Several important voices remain underrepresented in global AI governance discussions. These include developing countries, small island states, lower-income economies, SMEs, workers affected by workplace transformation, youth, disability communities, indigenous communities, linguistic minorities, and practitioners from highly regulated sectors. Many governance debates are shaped by countries and organisations with greater technical resources. Broader participation would improve legitimacy and produce more practical outcomes. How to include them: - travel support and sponsored participation - remote participation across time zones and where possible use virtual sessions to ensure appropriate participations - multilingual materials and interpretation - regional pre-dialogues feeding into global sessions - open written consultation channels - reserved speaking opportunities - SME and practitioner panels - youth advisory participation defining the need for the future workforce. Inclusive participation is essential if AI governance is to reflect global realities rather than a narrow set of interests.
What innovative engagement formats could most effectively foster meaningful and dynamic engagement during the AI Dialogue?
Traditional panels should be complemented by interactive and solution-focused formats. Few suggestions are: - Scenario labs addressing real governance challenges - Crisis simulations on synthetic media, cyber misuse, or system failures - Policy design sprints for toolkits and templates - Live case clinics sharing implementation lessons - Structured debates on competing approaches - Digital participation platform for polling and collaborative input - Regional hubs linked virtually to the main event - Innovation showcase highlighting responsible AI solutions Outputs should be captured in real time and converted into recommendations or workstreams.

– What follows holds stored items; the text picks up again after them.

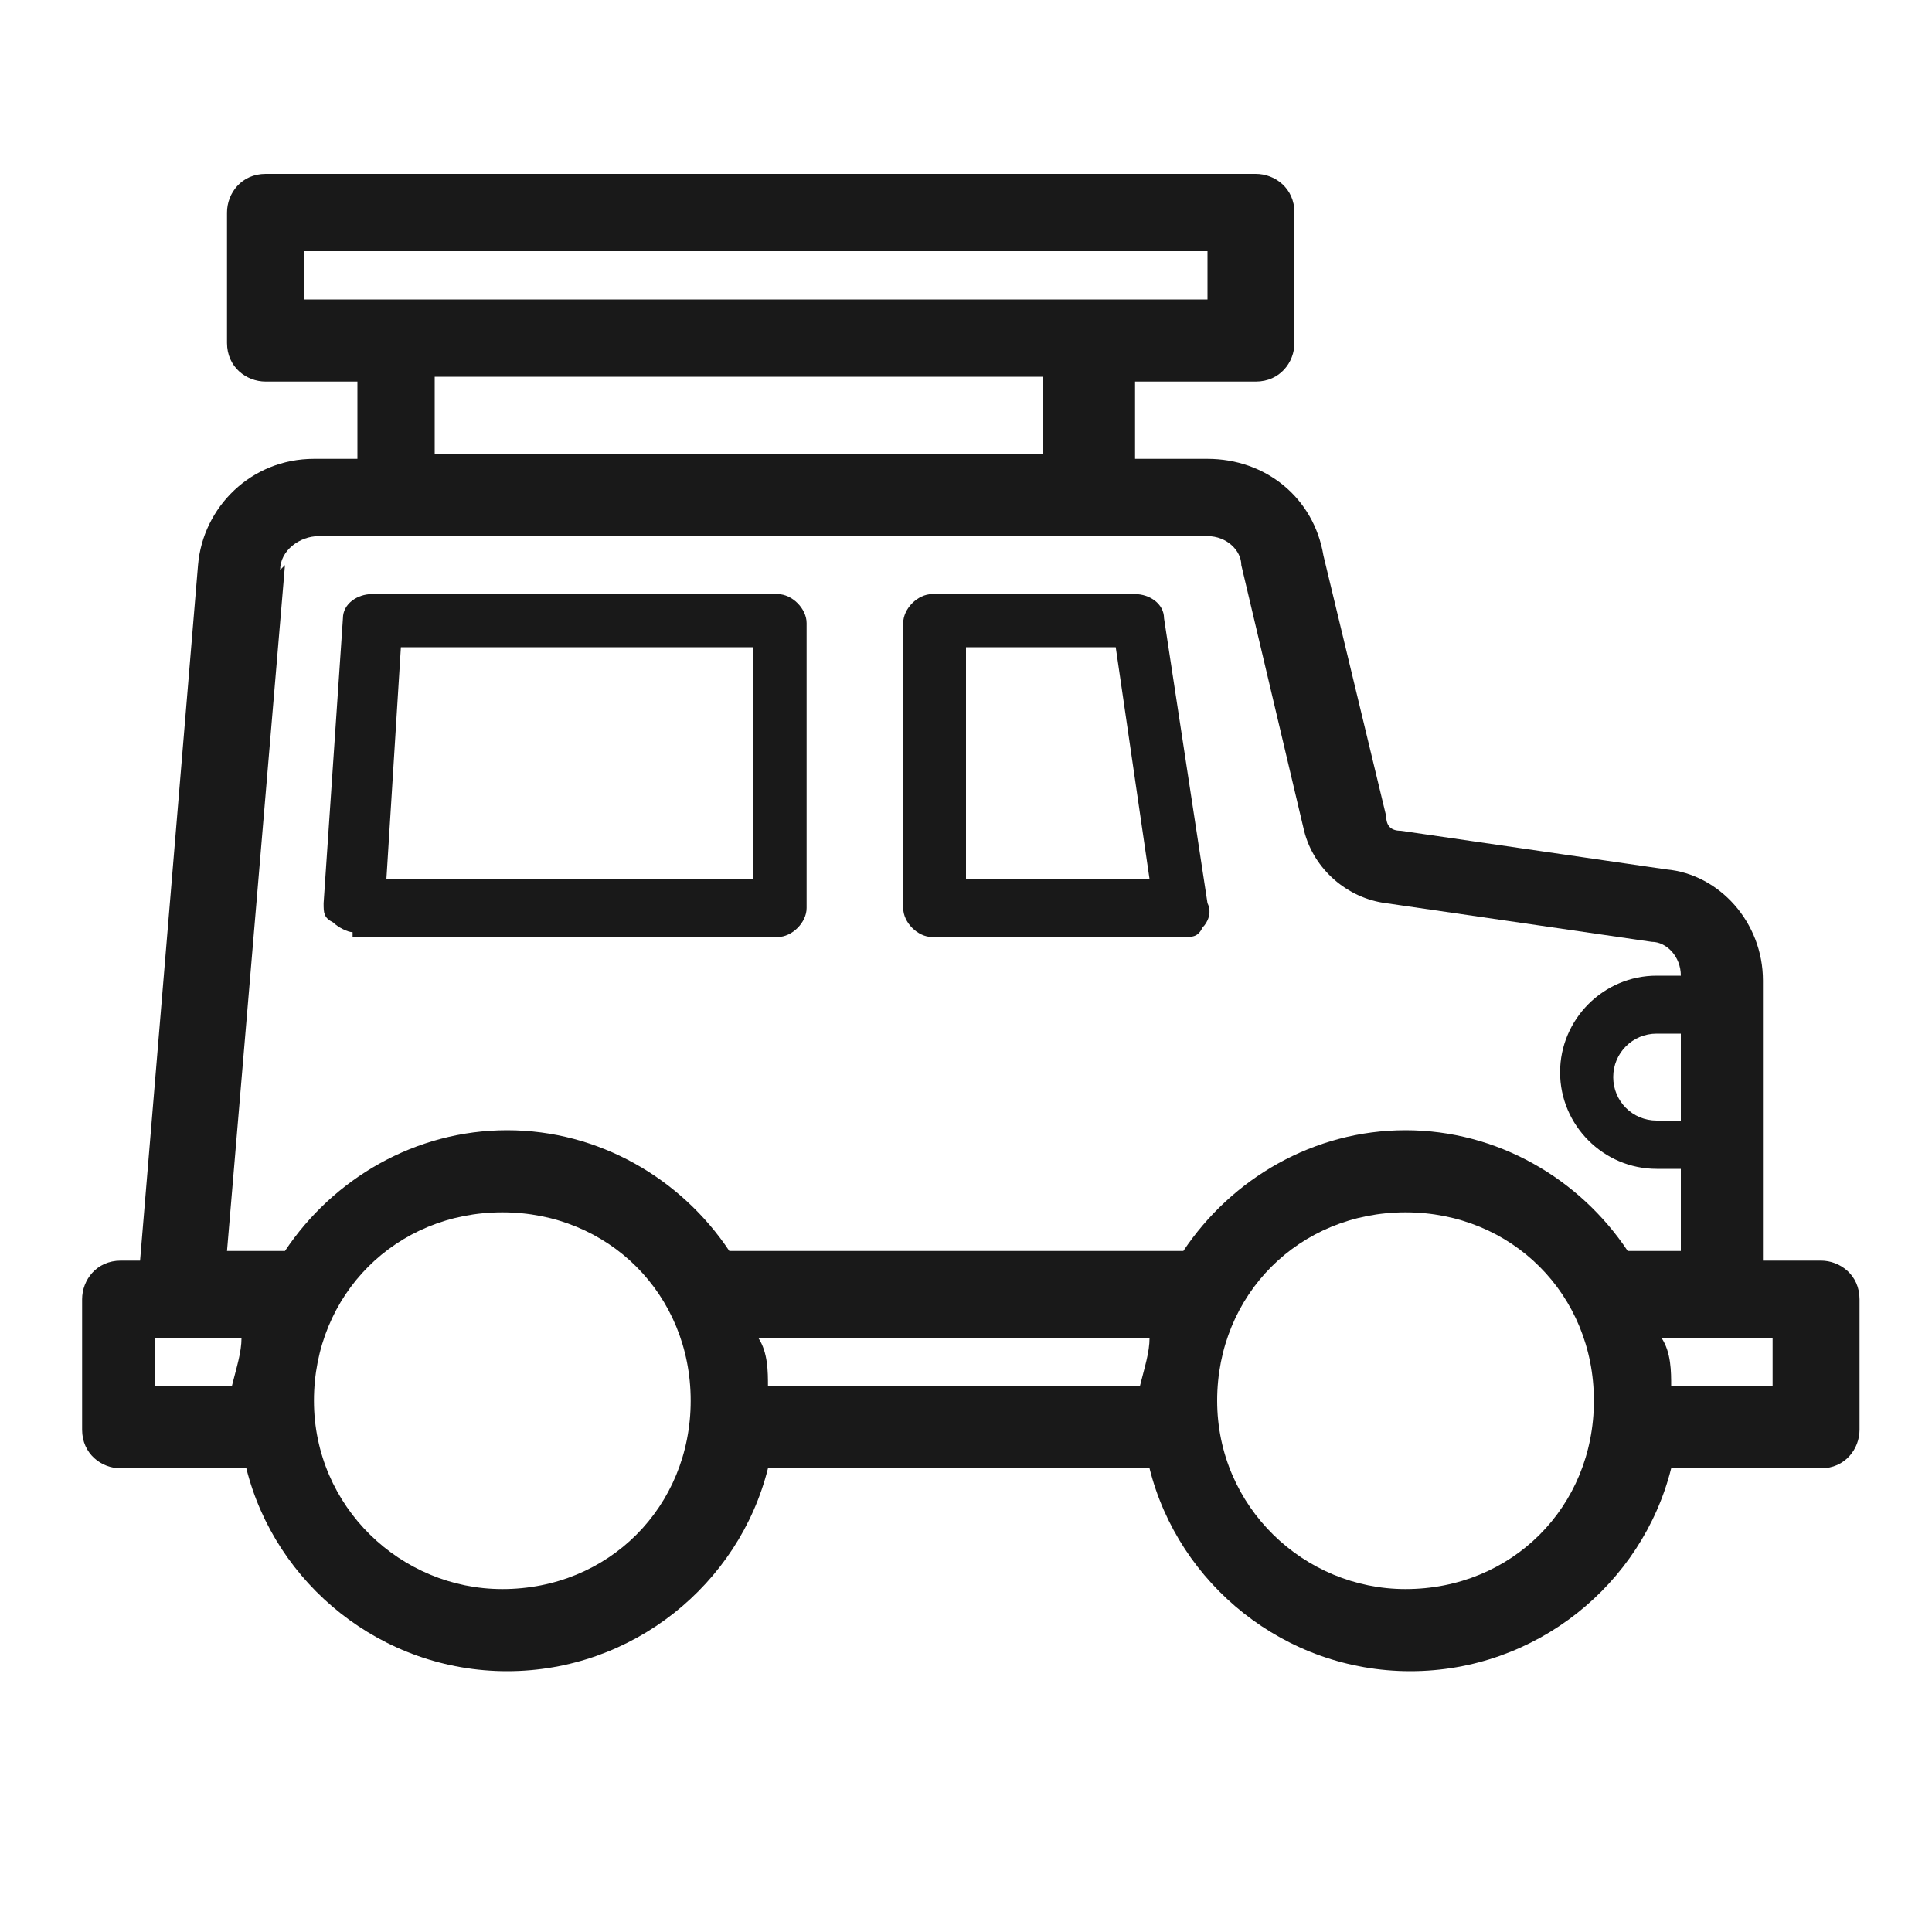 <svg viewBox="0 0 40 40" version="1.1" xmlns="http://www.w3.org/2000/svg" data-name="图层_1" id="_图层_1">
  
  <defs>
    <style>
      .st0 {
        fill-opacity: .9;
      }
    </style>
  </defs>
  <path d="M37.5,26.1h-1v-5.8c0-1.2-.9-2.2-2-2.3l-5.5-.8c-.2,0-.3-.1-.3-.3l-1.3-5.4c-.2-1.2-1.2-2-2.4-2h-1.5v-1.6c-.1,0,2.5,0,2.5,0,.5,0,.8-.4.8-.8v-2.7c0-.5-.4-.8-.8-.8H5.5c-.5,0-.8.4-.8.8v2.7c0,.5.4.8.8.8h1.9v1.6h-.9c-1.3,0-2.3,1-2.4,2.2l-1.2,14.4h-.4c-.5,0-.8.4-.8.8v2.7c0,.5.4.8.8.8h2.6c.6,2.4,2.8,4.2,5.4,4.2s4.8-1.8,5.4-4.2h7.9c.6,2.4,2.8,4.2,5.4,4.2s4.8-1.8,5.4-4.2h3.1c.5,0,.8-.4.8-.8v-2.7c0-.5-.4-.8-.8-.8h0ZM34.8,23.2h-.5c-.5,0-.9-.4-.9-.9s.4-.9.9-.9h.5v1.8ZM6.3,5.2h18.7v1H6.3v-1ZM9.1,7.8h12.5v1.6c.1,0-12.6,0-12.6,0v-1.6ZM5.8,11.8c0-.4.4-.7.8-.7h18.4c.4,0,.7.3.7.6,0,0,0,0,0,0l1.3,5.5c.2.8.9,1.4,1.7,1.5l5.5.8c.3,0,.6.3.6.7h-.5c-1.1,0-2,.9-2,2s.9,2,2,2h.5v1.7h-1.1c-1-1.5-2.7-2.5-4.6-2.5s-3.6,1-4.6,2.5h-9.4c-1-1.5-2.7-2.5-4.6-2.5s-3.6,1-4.6,2.5h-1.2l1.2-14.2h0ZM15.8,27.7h8c0,.3-.1.6-.2,1h-7.7c0-.3,0-.7-.2-1h0ZM3.3,27.7h1.7c0,.3-.1.6-.2,1h-1.6v-1ZM10.4,32.9c-2.1,0-3.9-1.7-3.9-3.9s1.7-3.9,3.9-3.9,3.9,1.7,3.9,3.9-1.7,3.9-3.9,3.9ZM29.1,32.9c-2.1,0-3.9-1.7-3.9-3.9s1.7-3.9,3.9-3.9,3.9,1.7,3.9,3.9-1.7,3.9-3.9,3.9ZM36.7,28.7h-2.1c0-.3,0-.7-.2-1h2.3v1Z" class="st0"></path>
  <path d="M7.3,19.4h8.8c.3,0,.6-.3.6-.6v-5.9c0-.3-.3-.6-.6-.6H7.7c-.3,0-.6.2-.6.5l-.4,5.9c0,.2,0,.3.2.4.1.1.3.2.4.2h0ZM8.3,13.4h7.3v4.8h-7.6l.3-4.8h0Z" class="st0"></path>
  <path d="M19.4,19.4h5.1c.2,0,.3,0,.4-.2.1-.1.2-.3.1-.5l-.9-5.9c0-.3-.3-.5-.6-.5h-4.2c-.3,0-.6.3-.6.6v5.9c0,.3.3.6.6.6ZM20,13.4h3.1l.7,4.8h-3.8v-4.8Z" class="st0"></path>
</svg>

Please share examples of policies, practices, platforms, or approaches that promote effective AI governance or offer concrete solutions to addressing its challenges.
7
Examples of effective AI governance are emerging across policy, organisational practice, standards, and technical controls. At policy level, the European Union AI Act (EU AI Act) applies a risk-based approach, with stronger obligations for higher-risk uses. The National Institute of Standards and Technology (NIST) AI Risk Management Framework provides a practical lifecycle model. United Nations Educational, Scientific and Cultural Organization has advanced principles on ethics, inclusion, and human rights. At organisational level, strong practices include: - AI inventories or registries - risk-tiering of use cases - cross-functional governance forums - independent review for higher-risk systems - third-party due diligence - post-deployment monitoring - incident response processes - human oversight/human in the loop checkpoints Standards such as ISO 42001 support management system approaches. The most effective models combine innovation enablement with proportionate safeguards and continuous learning loop.